89% of Torontonians believe that the arts make life in Toronto better.

95% of Ontarians believe that the success of Canadian artists generates national pride.

Yet, despite its value, artists make very little money. At $24,300, the median annual income for artists is well below the poverty line (1). Arts and culture workers have one of the highest rates of poverty of any sector. Things are starker still for IBPOC artists — their median income is 28% less than white artists’(2).

Before the pandemic, the arts sector had already been gutted by budget cuts. Ontario cut funding to the Ontario Arts Council by $10 million (3). A $5 million Indigenous Culture Fund was cancelled. The Ontario Music Fund? A $8 million cut. All in 2019 alone.
And then, in 2020, came the unkindest cut of all. COVID-19.

COVID-19 ravaged IBPOC communities. Our most vulnerable communities, always the most exposed to any threat, have been devastated by the pandemic.

But, in the heart of darkness, IBPOC artistic talent has burned brightly and brought us light. Throughout the pandemic, IBPOC artists — and the artistic community as a whole — made art that lifted us, gave us strength and sustained our spirits.

At the same time, the pandemic has been an unmitigated catastrophe for the arts sector. 2/3rds of arts & culture organizations reported a median revenue decline of 50% (4). Many IBPOC artists lost income as in person shows, exhibitions and other opportunities were cancelled — 12,000 performances were cancelled in Toronto alone (5).

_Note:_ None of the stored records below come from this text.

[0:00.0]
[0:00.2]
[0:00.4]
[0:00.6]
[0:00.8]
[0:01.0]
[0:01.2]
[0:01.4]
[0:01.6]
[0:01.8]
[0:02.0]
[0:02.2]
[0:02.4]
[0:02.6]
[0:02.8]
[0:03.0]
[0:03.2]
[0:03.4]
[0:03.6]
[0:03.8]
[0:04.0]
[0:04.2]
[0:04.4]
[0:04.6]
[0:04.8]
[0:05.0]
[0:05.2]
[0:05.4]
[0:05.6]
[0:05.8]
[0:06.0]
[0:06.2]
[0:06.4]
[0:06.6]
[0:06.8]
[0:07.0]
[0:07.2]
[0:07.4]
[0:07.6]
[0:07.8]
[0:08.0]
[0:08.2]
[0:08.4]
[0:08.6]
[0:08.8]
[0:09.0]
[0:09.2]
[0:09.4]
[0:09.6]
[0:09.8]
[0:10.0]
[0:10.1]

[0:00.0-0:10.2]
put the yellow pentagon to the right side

Despite this the arts community kept working. And that’s no surprise. Artists work longer hours than the average full-time Canadian worker (6).

What work did they do? 

They performed outdoors for seniors locked-in, in long-term care facilities. They staged porch concerts and backyard shows for their neighbours. They sang arias from their balconies for front line workers. They took their poetry readings online and made them available for free. They led dance classes and acting studios and paint-alongs, live, on Instagram and Facebook and YouTube.

They did it for free.
They did it for us.

CPAMO has been working for more than a decade to recognize IBPOC and other marginalized artists. Not only do we advocate for the creation of opportunities and equity for them, we engage them ourselves. IBPOC artists and arts administrators are paid to showcase their art and join our panels at The Gathering, our signature event (or, if you want to be formal, The Gathering Divergence Multi-Arts Festival and Conference).

Contribute today!

Who have we showcased over the years? 

Modern Times, Aluna, Cahoots, Native Earth Performing Arts in theatre.
In music, Small World Music and Polyphonic Ground.
In dance, Sampradaya Dance Creations, Kaha:wi Dance Theatre, Collective of Black Artists, Dance Immersion, and many individual Indigenous and racialized artists.

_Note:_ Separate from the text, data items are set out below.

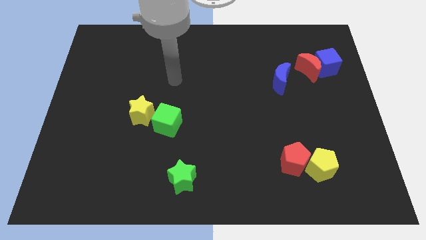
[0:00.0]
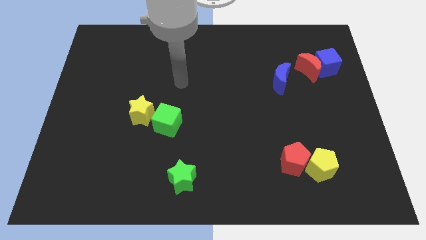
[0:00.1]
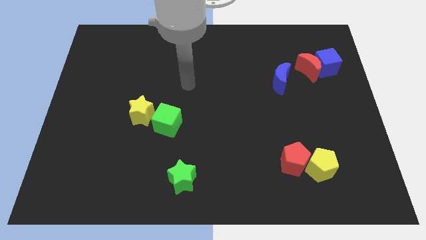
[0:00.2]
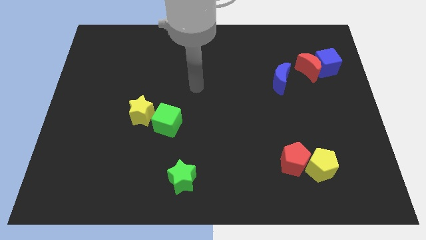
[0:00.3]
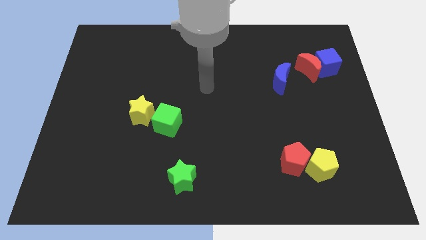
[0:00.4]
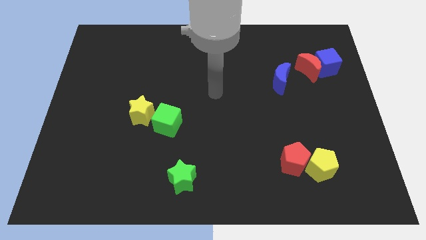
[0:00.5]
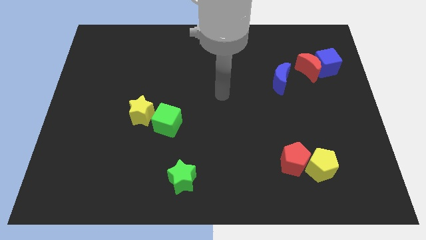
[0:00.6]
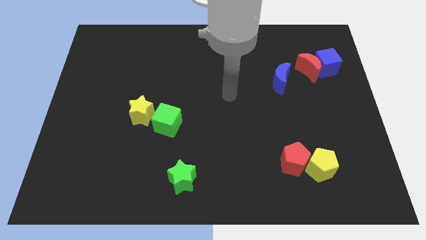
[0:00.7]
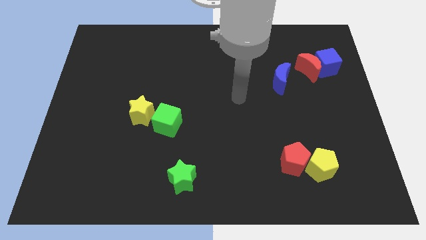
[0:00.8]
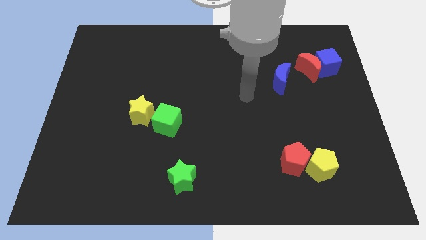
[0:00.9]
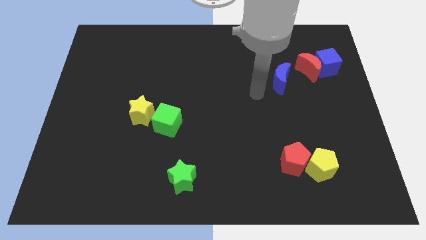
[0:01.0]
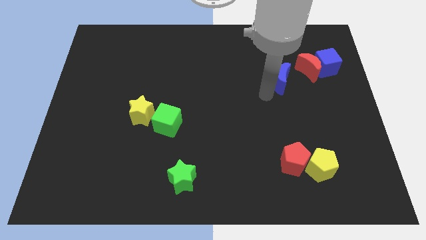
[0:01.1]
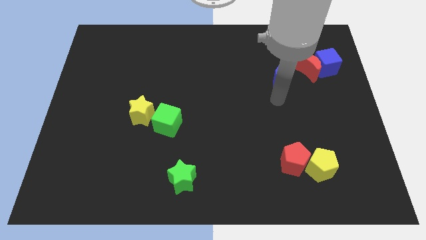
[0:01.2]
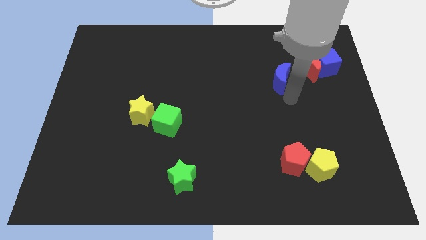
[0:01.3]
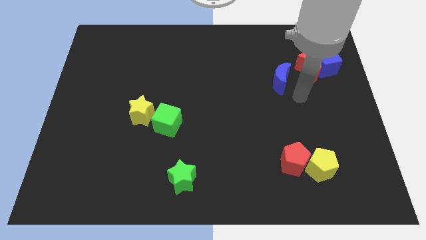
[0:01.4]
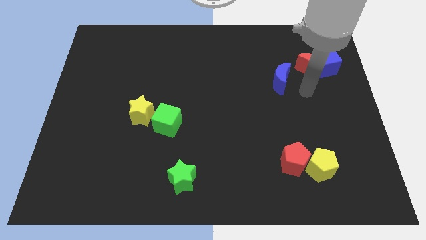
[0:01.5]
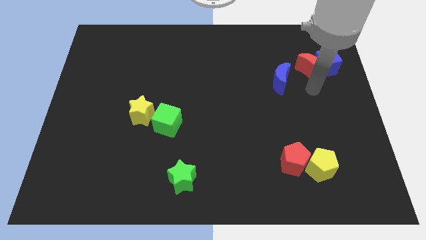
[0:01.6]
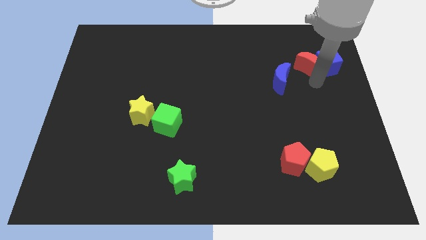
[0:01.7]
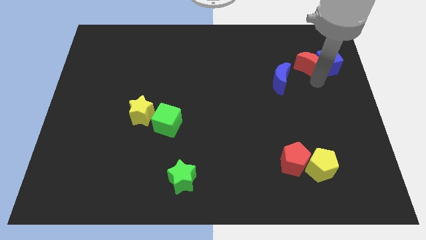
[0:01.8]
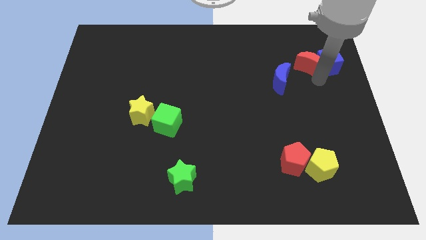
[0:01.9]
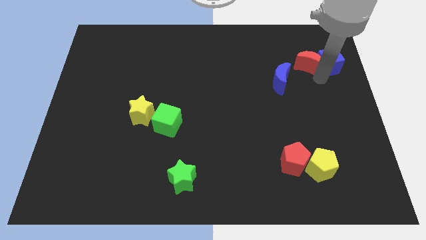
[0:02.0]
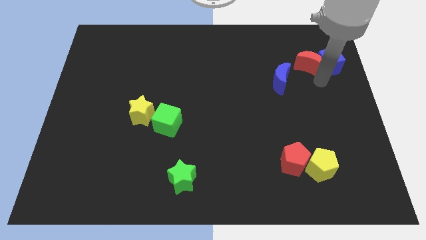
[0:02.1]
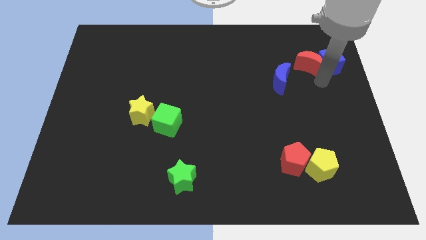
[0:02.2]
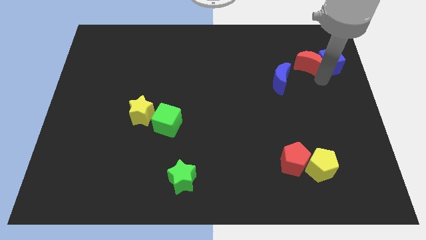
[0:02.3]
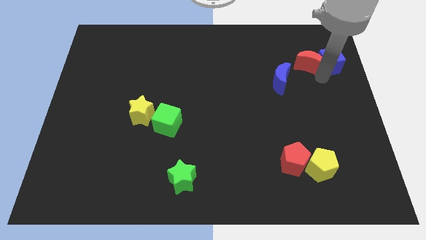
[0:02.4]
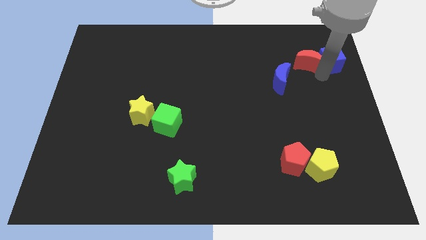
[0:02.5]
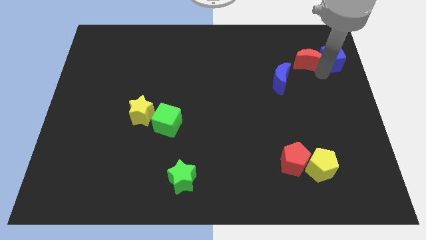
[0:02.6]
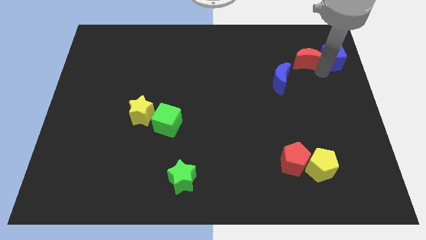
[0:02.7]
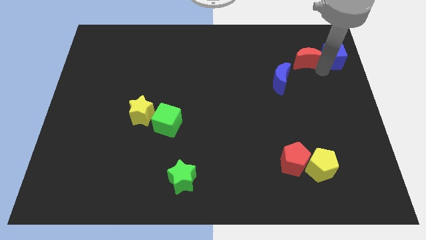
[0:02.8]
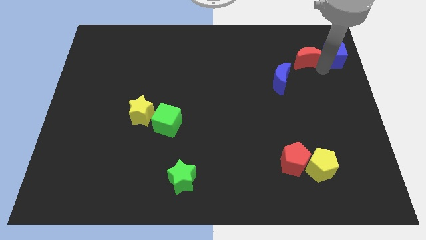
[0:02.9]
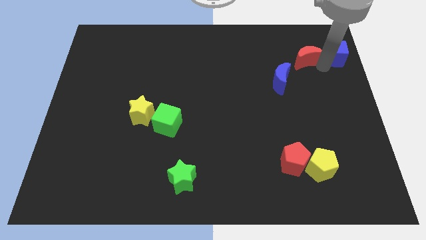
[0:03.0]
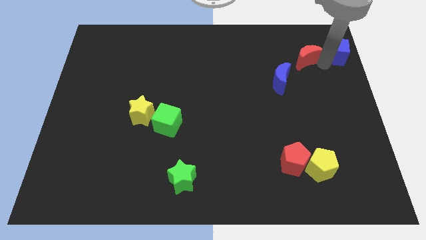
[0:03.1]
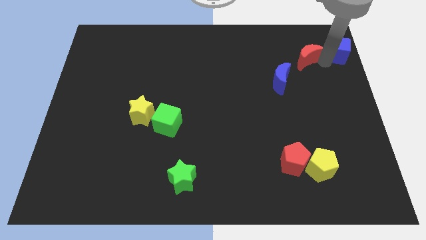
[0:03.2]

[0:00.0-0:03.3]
push the blue cube to the top right of the board

The artists and arts practices presenters we engage come from Indigenous, racialized, queer and intersectional communities.

Our next Gathering will take place in December 2021 and our theme is Art in a Time of Healing. The Gathering’s Art in a Time of Healing is envisioned as a way to gather, diverge with diversity and intersect on the many aspects of the performing arts and the Arts sector. Through panels, workshops, exhibitions and showcases it encourages divergence across arts practices, collaboration, art making and Anti-Black racism.

We need financial support to help us keep spotlighting works of art by Indigenous, racialized and historically marginalized artists. We need your help.

Your donation will pay IBPOC artists and arts administrators who present at our December 2021 Gathering. This is a unique opportunity to contribute to an event that showcases a broad range of artistic practices. Black organizations receive as little as 7 cents for every $100 donated to Canada’s big charities. Let’s work together to change that.

We will recognize every donation with a token of our appreciation.

Tier 1. $1 to $99: a personalized shout-out on CPAMO social media channels* and a bookmark and pin in the mail!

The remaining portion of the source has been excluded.